Split Screen: The politics of Sarah Palin photos
After she was named John McCain's running mate, the focus was on her clothes and body, not her policies.
When Sen. John McCain announced Alaska Governor Sarah Palin as his running mate in August 2008, she catapulted overnight from relative obscurity into intense national scrutiny. As a cinematographer who analyzes the visual politics of how we frame women leaders, I've been revisiting the 2008 campaign’s visual record. What I found was a masterclass in visual sexism.

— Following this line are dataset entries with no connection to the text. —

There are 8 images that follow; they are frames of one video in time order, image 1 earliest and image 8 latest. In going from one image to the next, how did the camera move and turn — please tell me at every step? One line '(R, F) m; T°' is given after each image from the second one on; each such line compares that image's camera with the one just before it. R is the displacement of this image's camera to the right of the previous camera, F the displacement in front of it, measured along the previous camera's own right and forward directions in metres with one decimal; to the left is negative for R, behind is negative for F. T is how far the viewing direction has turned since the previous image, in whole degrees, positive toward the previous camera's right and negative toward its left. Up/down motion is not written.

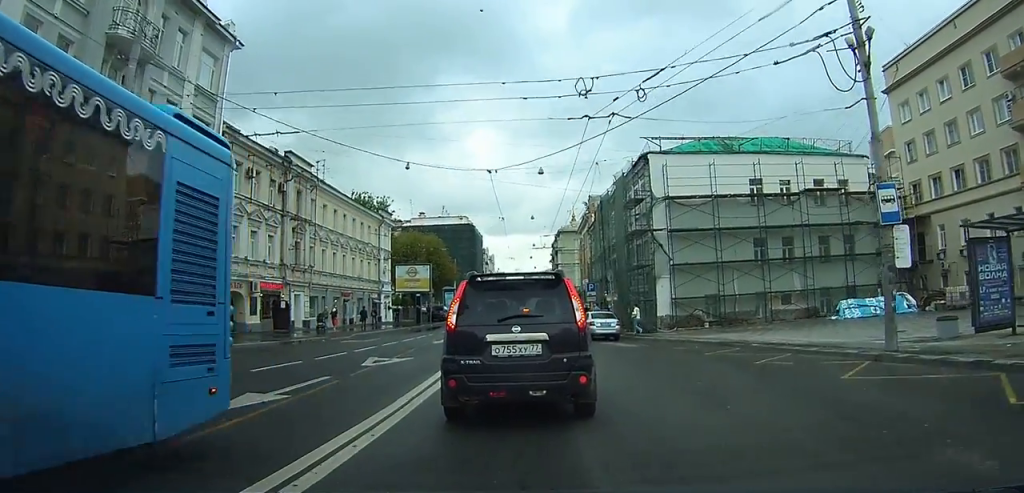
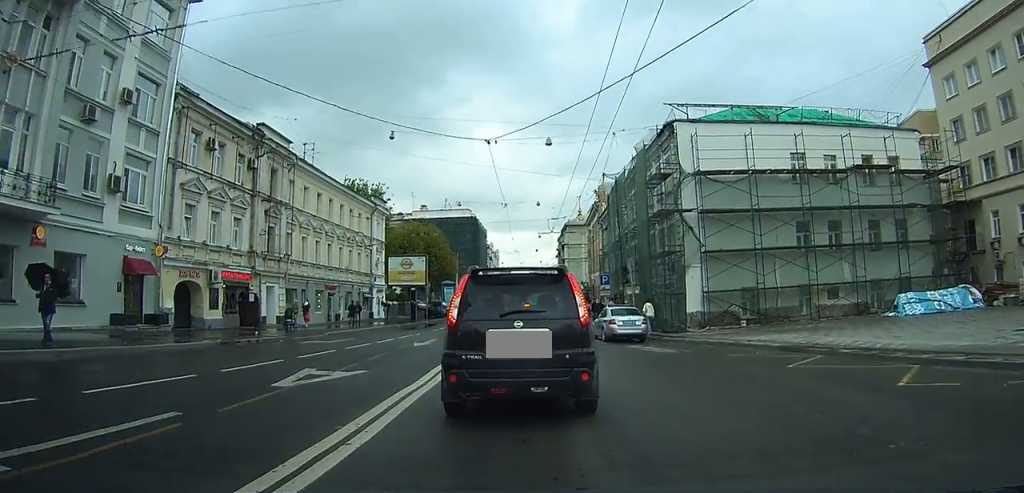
(+0.4, +6.4) m; +4°
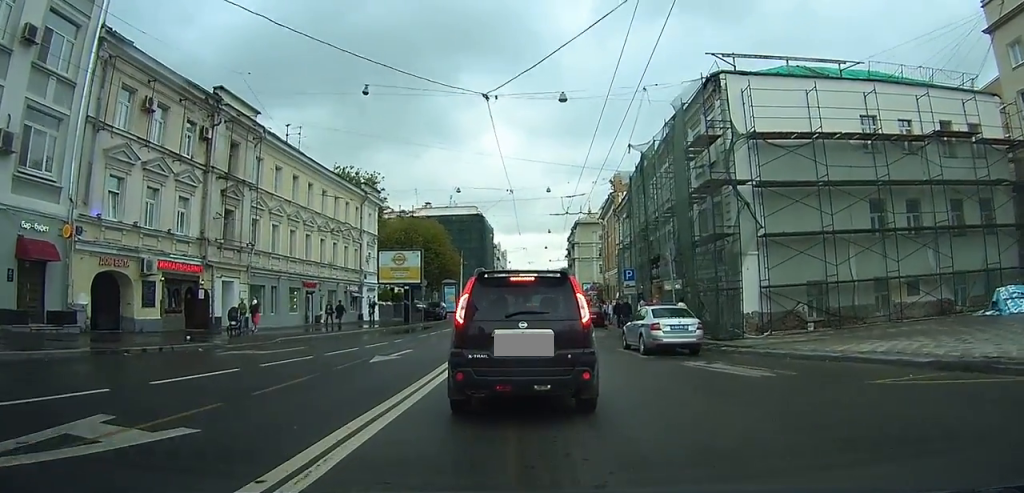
(0.0, +7.9) m; -1°
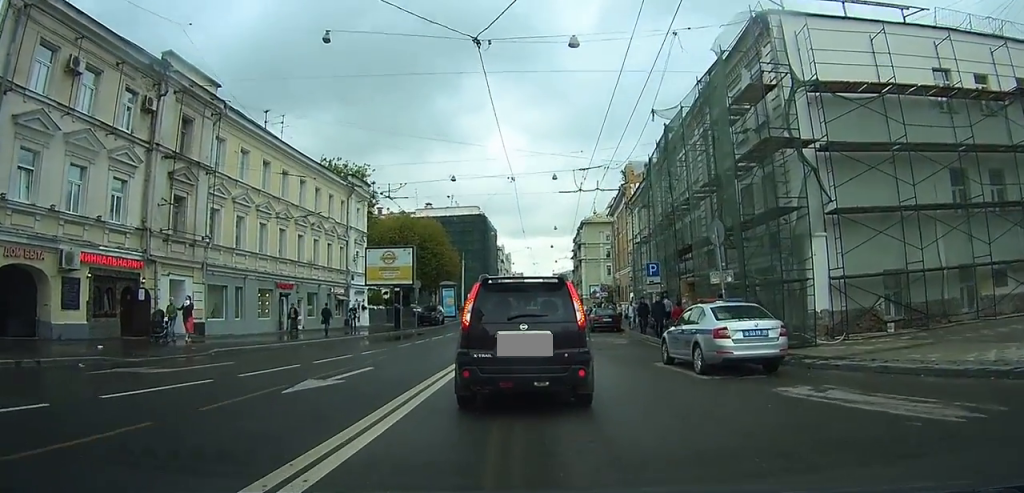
(-0.1, +6.6) m; -1°
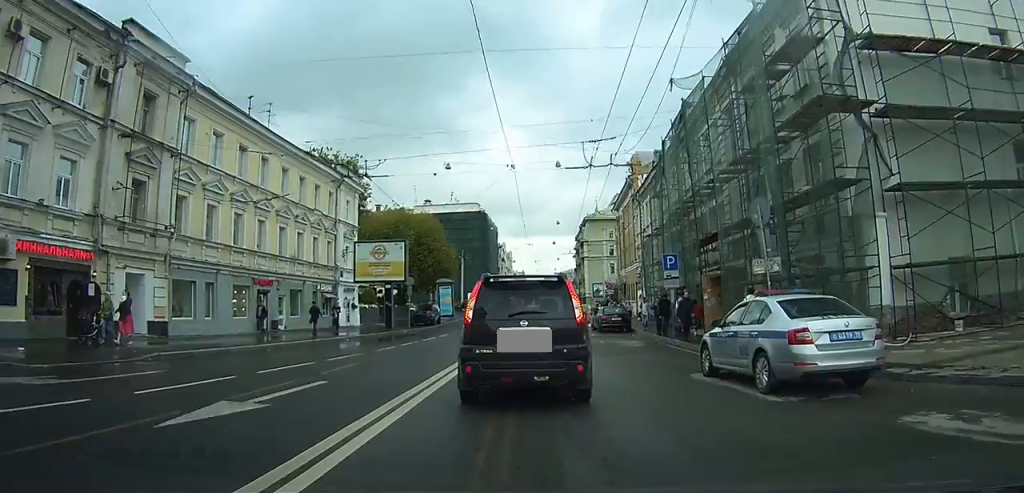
(0.0, +3.9) m; 0°
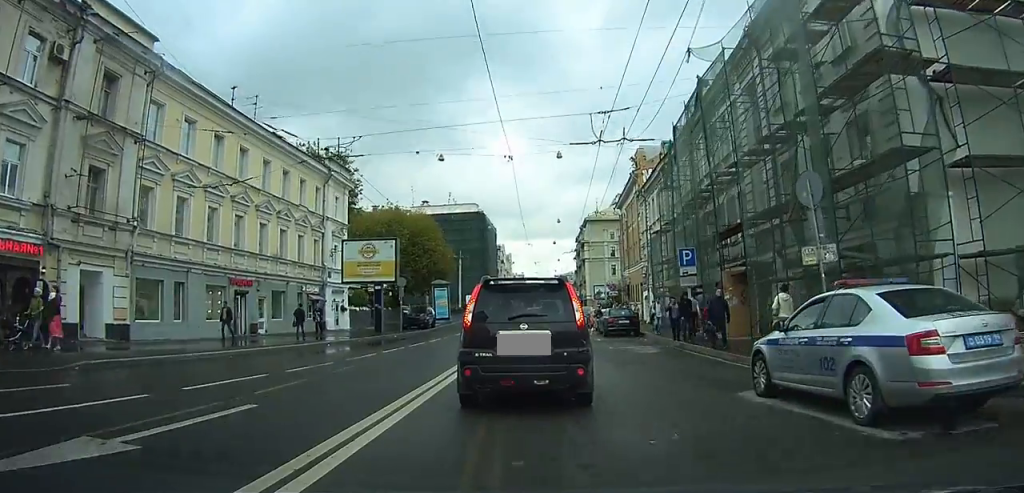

Whether you agreed with her politics or not, the way Palin was visually framed for American audiences reveals deeply ingrained patterns of gender bias in political coverage. Three visual techniques stand out for their subtle yet powerful ability to undermine her authority: the persistent use of open-mouth framing, the excessive focus on her appearance and clothing, and the domestic—rather than political—visual contexts in which she was photographed.
The Politics of the Open Mouth
If you recall the visual coverage of the 2008 campaign, you might remember Palin frequently photographed mid-sentence, mouth agape. This probably wasn't a coincidence. Communication researchers Diana Carlin and Kelly Winfrey quantified this pattern in their study of 2008 campaign coverage, finding that Palin was photographed mid-speech with her mouth open in approximately 67% of news photos, compared with 41% for Joe Biden, Barack Obama’s running mate.
This disparity matters. As media scholar Kathleen Hall Jamieson notes in her analysis of presidential image-making, capturing subjects mid-sentence with mouths open creates a “less authoritative visual frame” that can make speakers appear less composed and more emotional. For female candidates already fighting gender stereotypes about emotionality, this visual pattern reinforces subtle biases about women's fitness for leadership.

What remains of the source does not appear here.